Generating large-language-model compatible sequential attachment-based fragment embedding molecular representations
Abstract
The present disclosure relates to systems, non-transitory computer-readable media, and methods for generating a sequential attachment-based fragment embedding (SAFE) molecular string representation that represents a molecular representation as an order agnostic sequence of interconnected fragment blocks. Indeed, the disclosed systems can generate the SAFE representation for processing via large language models for downstream molecular design tasks. For instance, the disclosed systems can extract fragments (and attachment points) from a molecular string representation, concatenate the extracted fragments using separation character connections between the fragments to generate a set of linked fragments, and can iterate over attachment points for the fragments to generate ring link characters in the set of linked fragments to simulate fragment links. In addition, the disclosed systems can utilize the SAFE representation to enable various downstream fragment-based molecular design tasks via large language models.
Claims
exact text as granted — not AI-modifiedWhat is claimed is:
1 . A computer-implemented method comprising:
generating, for a molecular compound, a training sequential attachment-based fragment embedding (SAFE) molecular string representation comprising order agnostic fragment blocks represented by fragment strings, separation characters, and ring link characters; and training a large language model to generate SAFE molecular string representations by:
generating, utilizing the large language model, a predicted token for the training SAFE molecular string representation from a tokenized partial sequence of the training SAFE molecular string representation; and
modifying parameters of the large language model utilizing a comparison between the predicted token and the training SAFE molecular string representation.
2 . The computer-implemented method of claim 1 , further comprising generating the training SAFE molecular string representation by converting a molecular string representation comprising ring structure identifiers that indicate virtual connections between atom representations of the molecular compound.
3 . The computer-implemented method of claim 2 , further comprising generating the training SAFE molecular string representation by concatenating fragments identified from the molecular string representation utilizing the separation characters and representing attachment points for fragment links of the fragments utilizing the ring link characters.
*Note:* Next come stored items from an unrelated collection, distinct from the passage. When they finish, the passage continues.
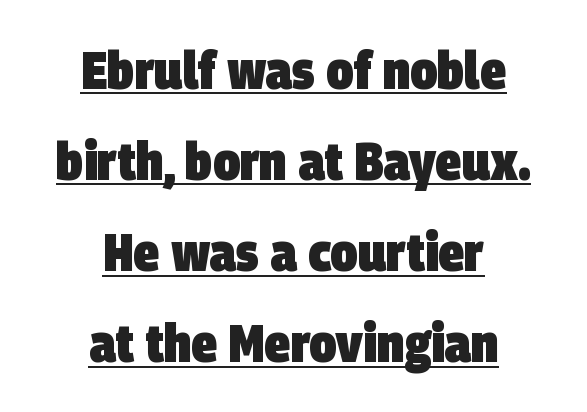
{"serif": "no", "bold": "yes", "weight": "heavy", "width": "condensed", "stroke_contrast": "low", "x_height": "large", "monospaced": "no", "underline": "yes", "align": "center", "line_spacing_ratio": 1.72, "letter_spacing": "normal", "letter_spacing_em": 0.0, "glyph_px": 53}
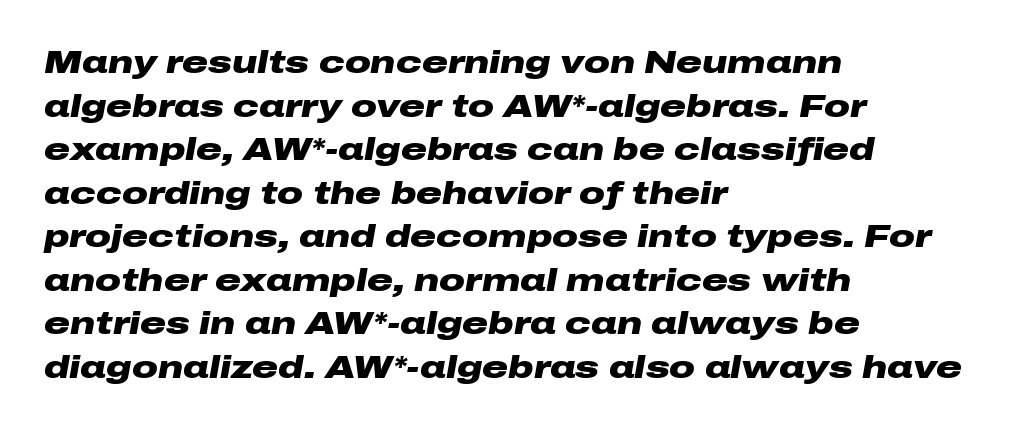
The image shows 32 px heavy, wide type, italic (leaning right); set left-aligned, normal line spacing (1.36x), normal letter spacing, not underlined; low stroke contrast and a medium x-height.
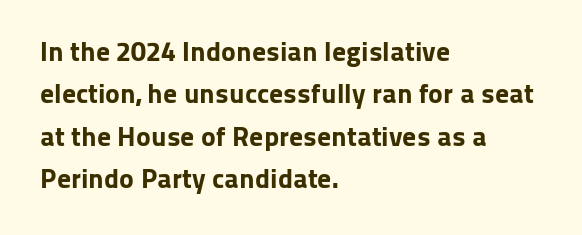
The image shows 28 px bold sans-serif type, upright; set left-aligned, normal line spacing (1.51x), normal letter spacing, not underlined; low stroke contrast and a medium x-height.
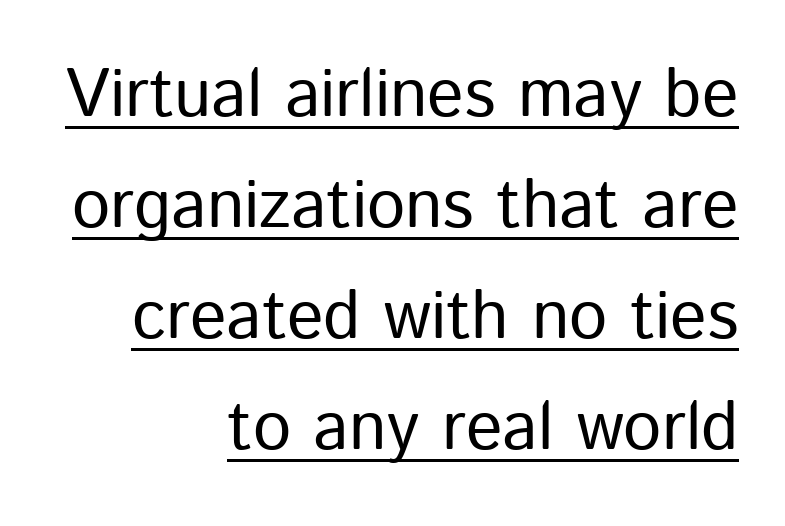
Q: Is the text bold? A: No.
Q: Is the text italic (slanted)? A: No, it is upright.
Q: Is the typeface a serif or a sans-serif typeface? A: Sans-serif.
Q: Is the text underlined? A: Yes.
Q: How is the paragraph aligned? A: Right-aligned.
Q: Is the spacing between letters normal or unusually wide? A: Normal.
Q: Is the spacing between lines tight, normal or loose? A: Normal.
Q: Width (condensed, normal, or wide)? A: Normal.
Q: Stroke contrast? A: Low.
Q: x-height? A: Medium.
Q: Monospaced? A: No.
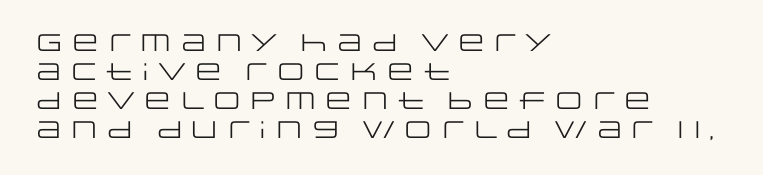
{"italic": "no", "bold": "no", "underline": "no", "align": "left", "line_spacing_ratio": 1.21, "letter_spacing": "normal", "letter_spacing_em": 0.0, "glyph_px": 24}
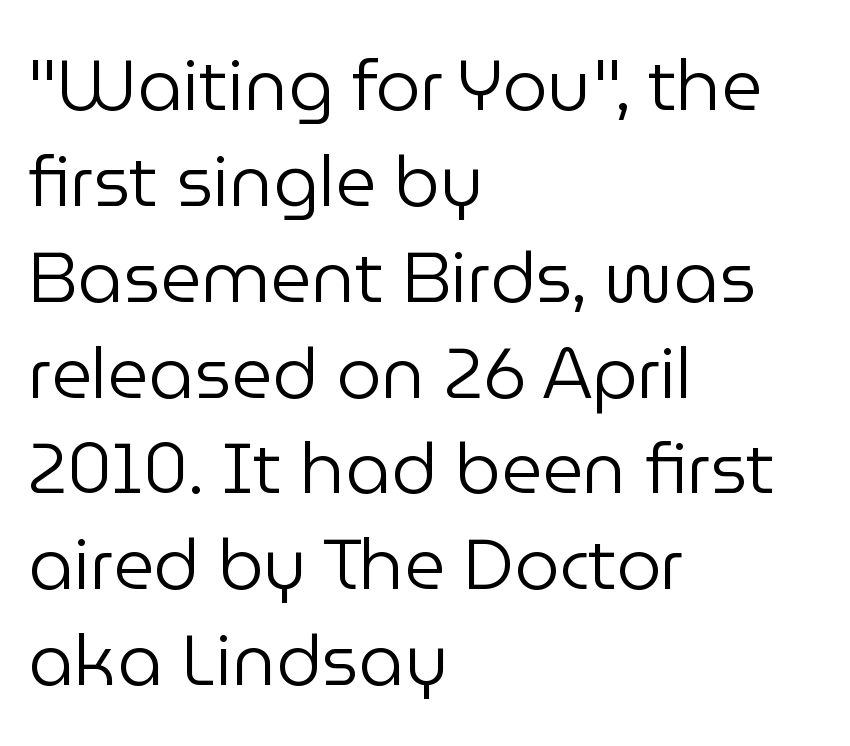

4 . The computer-implemented method of claim 1 , further comprising generating, utilizing the large language model, the predicted token by:
utilizing the large language model to generate a SAFE notation token probability distribution; and selecting the predicted token from the SAFE notation token probability distribution.
5 . The computer-implemented method of claim 1 , further comprising training the large language model to generate the SAFE molecular string representations by:
determining a measure of loss between the predicted token and the training SAFE molecular string representation; and modifying the parameters of the large language model utilizing the measure of loss.
6 . The computer-implemented method of claim 1 , further comprising generating, utilizing the large language model, an end-of-sequence token as the predicted token to indicate a predicted completed molecule representation.
7 . The computer-implemented method of claim 1 , further comprising utilizing the large language model to complete a partial molecular compound sequence or generate a linking SAFE molecular string representation for two or more molecular compound sequences.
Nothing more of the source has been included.